Task brief.
Write down the listing again exactly as it appears below, without its pictures.

Excerpted records.
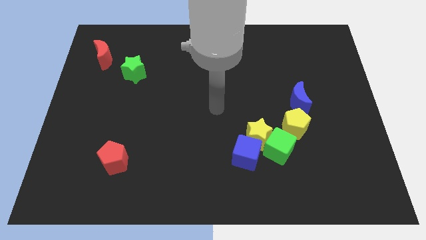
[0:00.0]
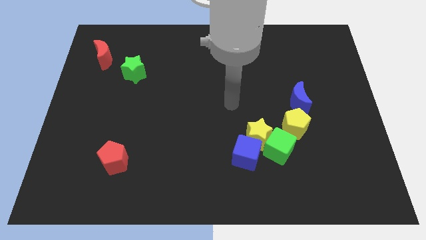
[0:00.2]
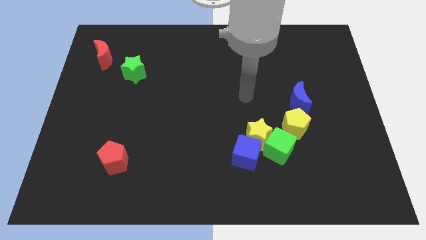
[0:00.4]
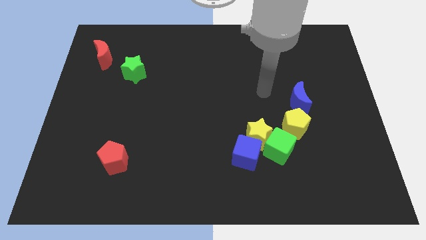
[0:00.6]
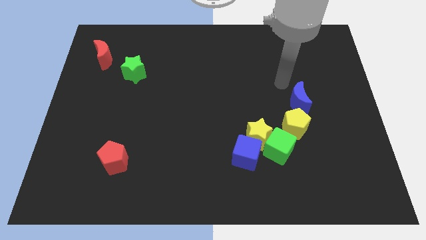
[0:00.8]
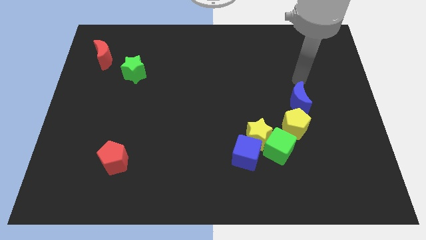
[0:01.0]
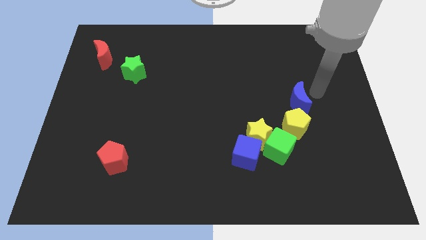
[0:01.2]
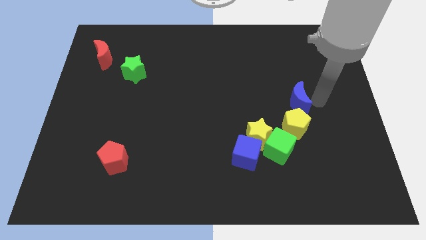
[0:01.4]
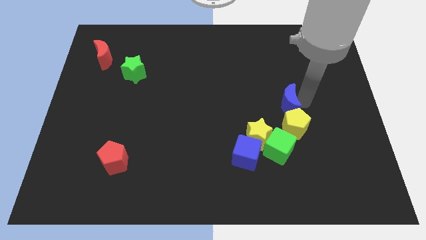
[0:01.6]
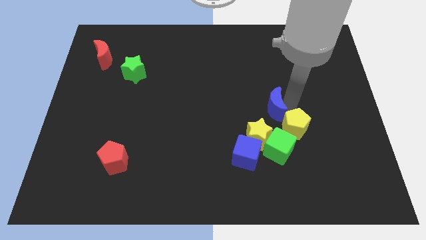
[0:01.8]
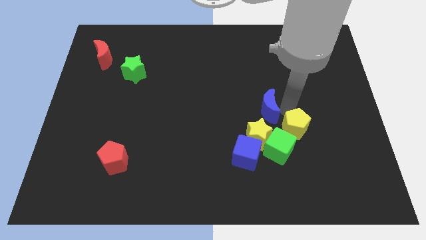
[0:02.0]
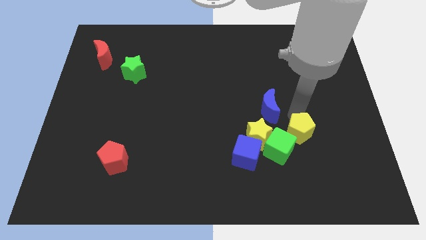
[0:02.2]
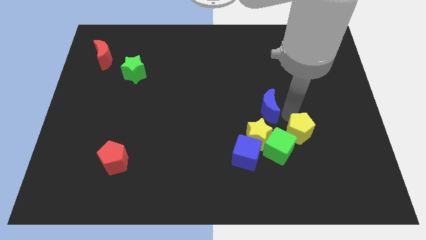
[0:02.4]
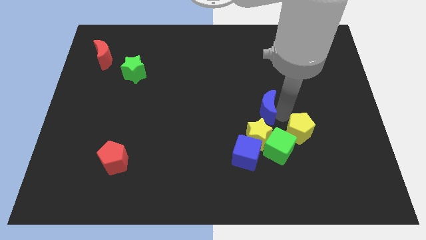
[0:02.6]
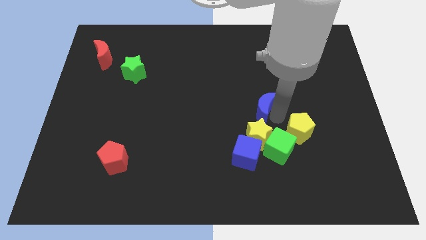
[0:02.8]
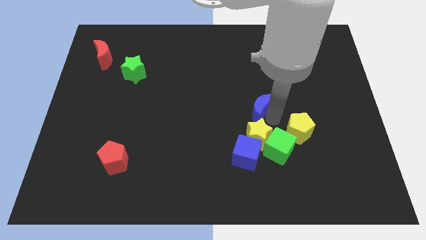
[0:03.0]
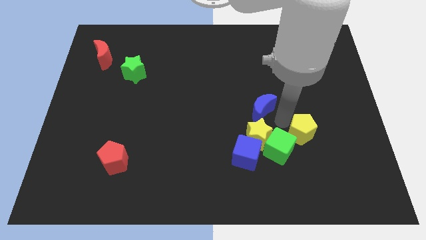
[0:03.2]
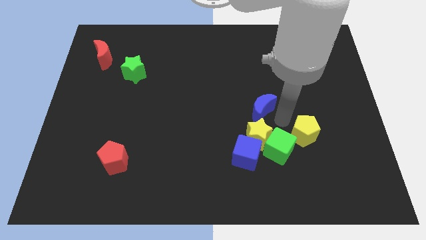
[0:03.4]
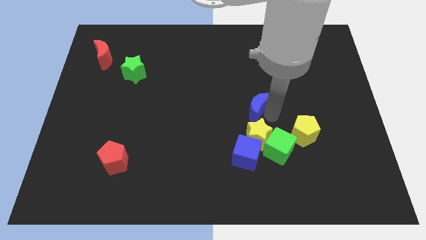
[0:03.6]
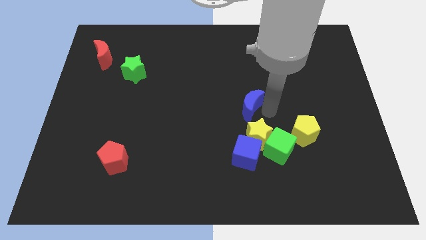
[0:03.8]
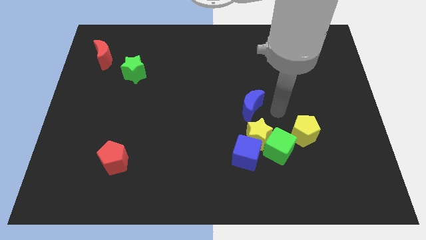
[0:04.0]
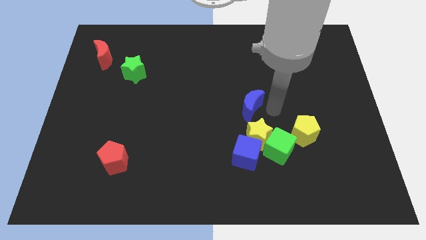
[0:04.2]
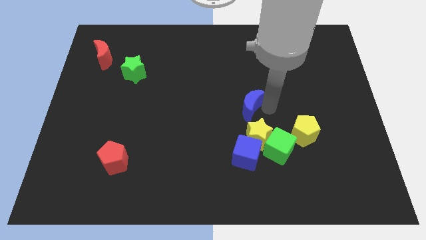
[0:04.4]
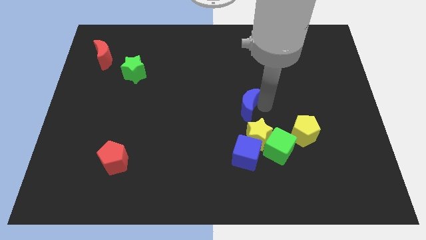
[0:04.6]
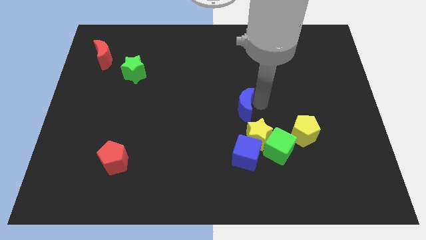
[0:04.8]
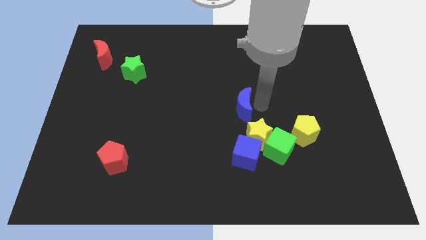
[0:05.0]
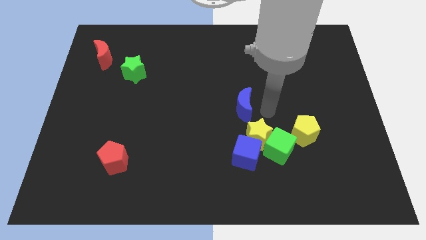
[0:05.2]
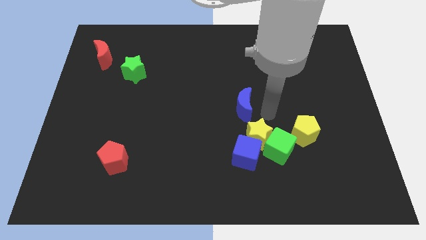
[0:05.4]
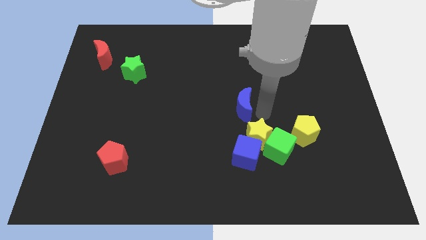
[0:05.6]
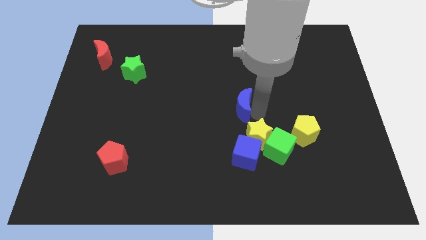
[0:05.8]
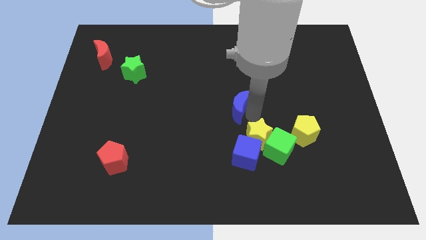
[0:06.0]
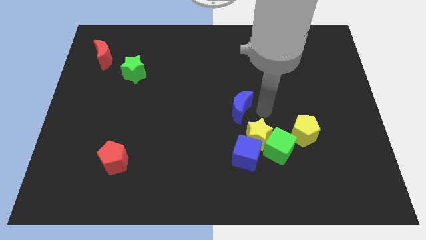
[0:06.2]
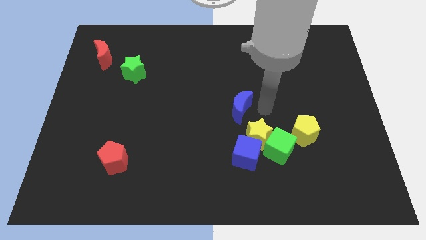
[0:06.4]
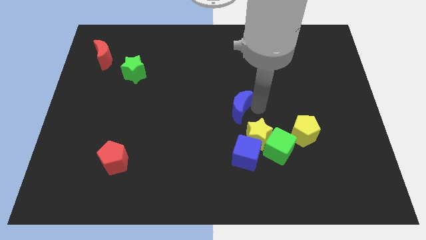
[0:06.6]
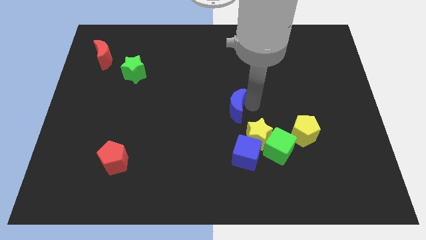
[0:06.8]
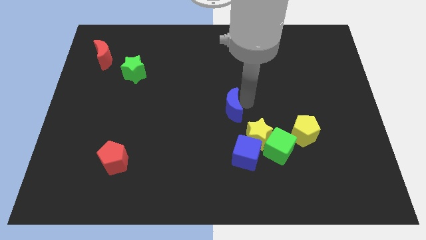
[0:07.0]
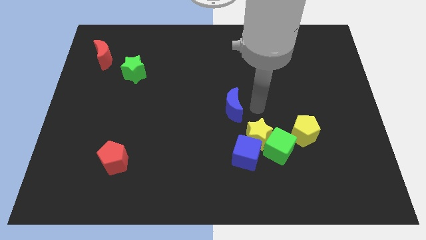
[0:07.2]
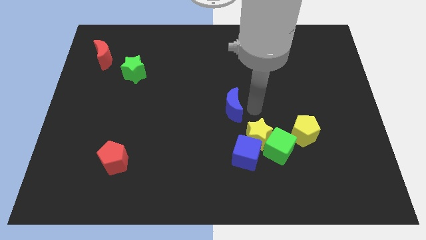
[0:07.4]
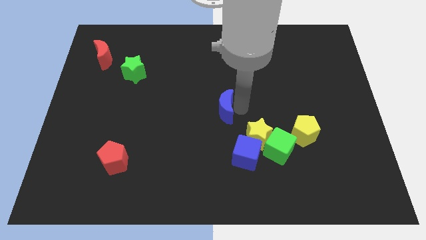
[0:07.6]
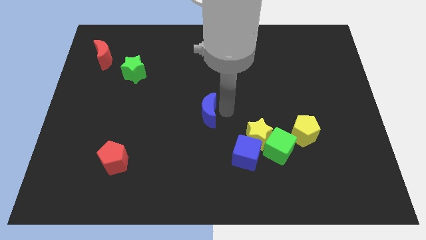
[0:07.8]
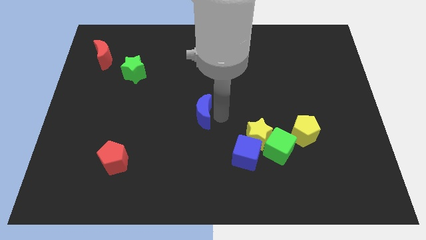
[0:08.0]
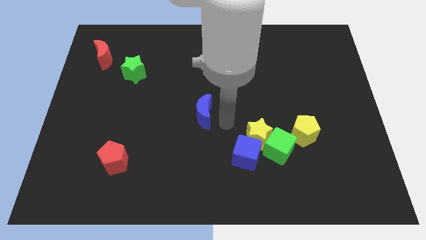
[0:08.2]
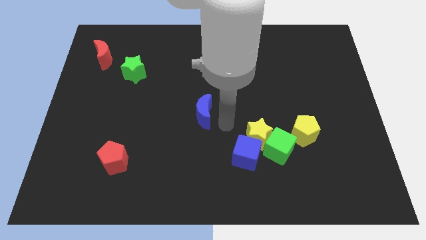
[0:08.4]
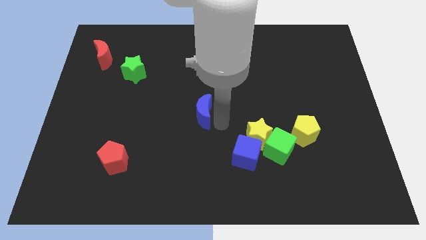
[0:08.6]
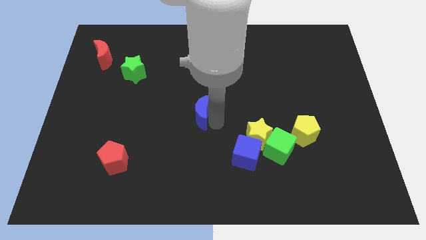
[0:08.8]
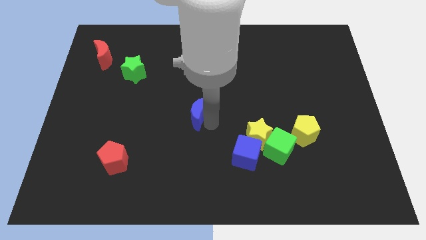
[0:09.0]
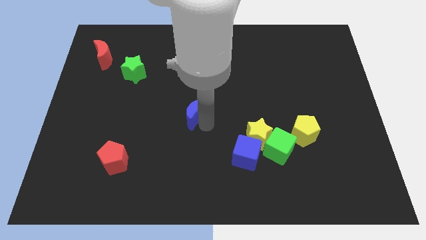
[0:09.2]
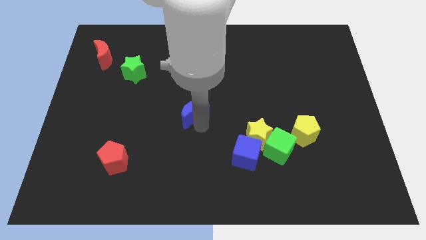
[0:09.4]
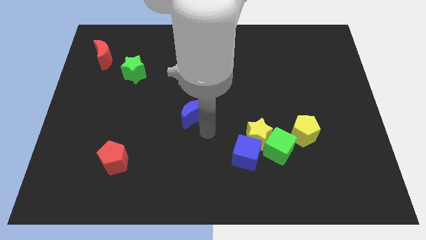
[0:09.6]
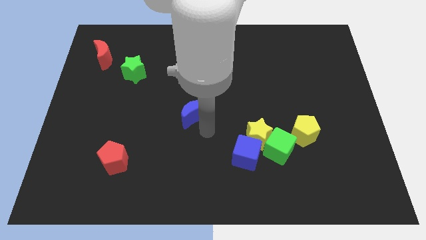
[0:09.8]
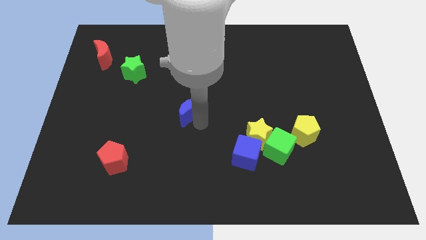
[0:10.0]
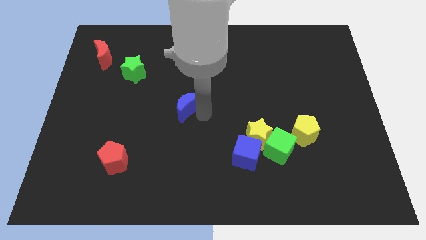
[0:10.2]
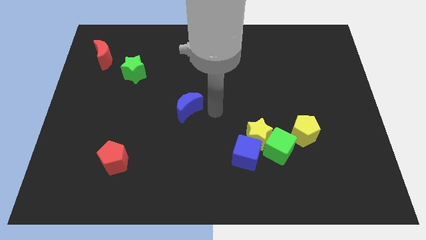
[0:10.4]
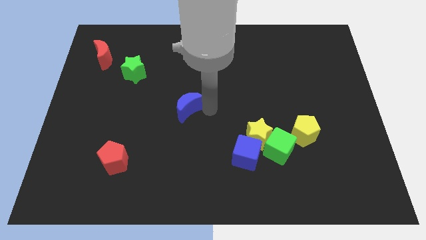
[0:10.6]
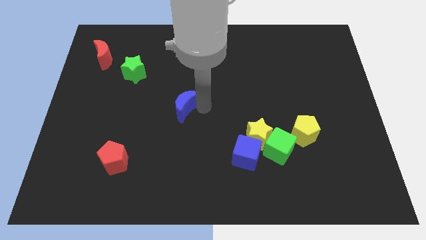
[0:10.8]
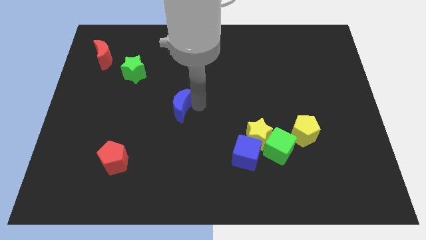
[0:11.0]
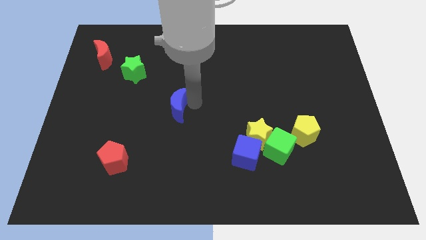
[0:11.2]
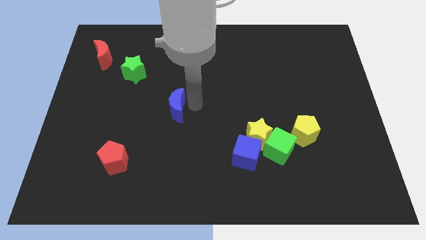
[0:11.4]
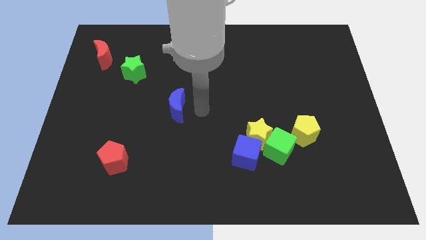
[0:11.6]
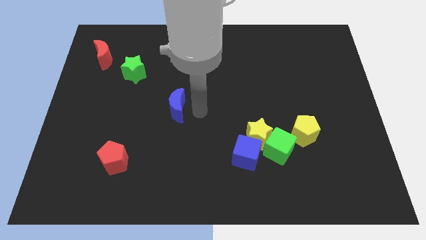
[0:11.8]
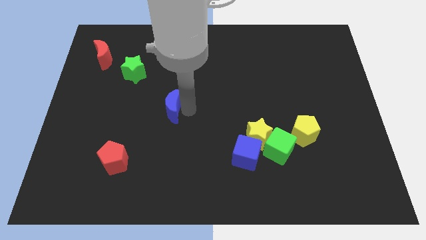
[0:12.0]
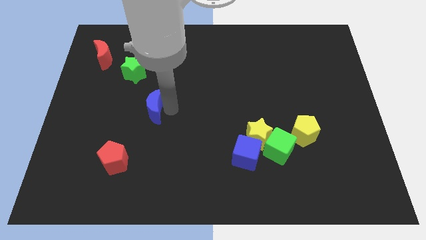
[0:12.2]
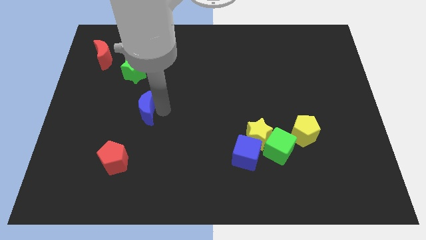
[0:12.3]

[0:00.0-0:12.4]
push the blue moon to the bottom of the green star

Result of this task.
[0:00.0]
[0:00.2]
[0:00.4]
[0:00.6]
[0:00.8]
[0:01.0]
[0:01.2]
[0:01.4]
[0:01.6]
[0:01.8]
[0:02.0]
[0:02.2]
[0:02.4]
[0:02.6]
[0:02.8]
[0:03.0]
[0:03.2]
[0:03.4]
[0:03.6]
[0:03.8]
[0:04.0]
[0:04.2]
[0:04.4]
[0:04.6]
[0:04.8]
[0:05.0]
[0:05.2]
[0:05.4]
[0:05.6]
[0:05.8]
[0:06.0]
[0:06.2]
[0:06.4]
[0:06.6]
[0:06.8]
[0:07.0]
[0:07.2]
[0:07.4]
[0:07.6]
[0:07.8]
[0:08.0]
[0:08.2]
[0:08.4]
[0:08.6]
[0:08.8]
[0:09.0]
[0:09.2]
[0:09.4]
[0:09.6]
[0:09.8]
[0:10.0]
[0:10.2]
[0:10.4]
[0:10.6]
[0:10.8]
[0:11.0]
[0:11.2]
[0:11.4]
[0:11.6]
[0:11.8]
[0:12.0]
[0:12.2]
[0:12.3]

[0:00.0-0:12.4]
push the blue moon to the bottom of the green star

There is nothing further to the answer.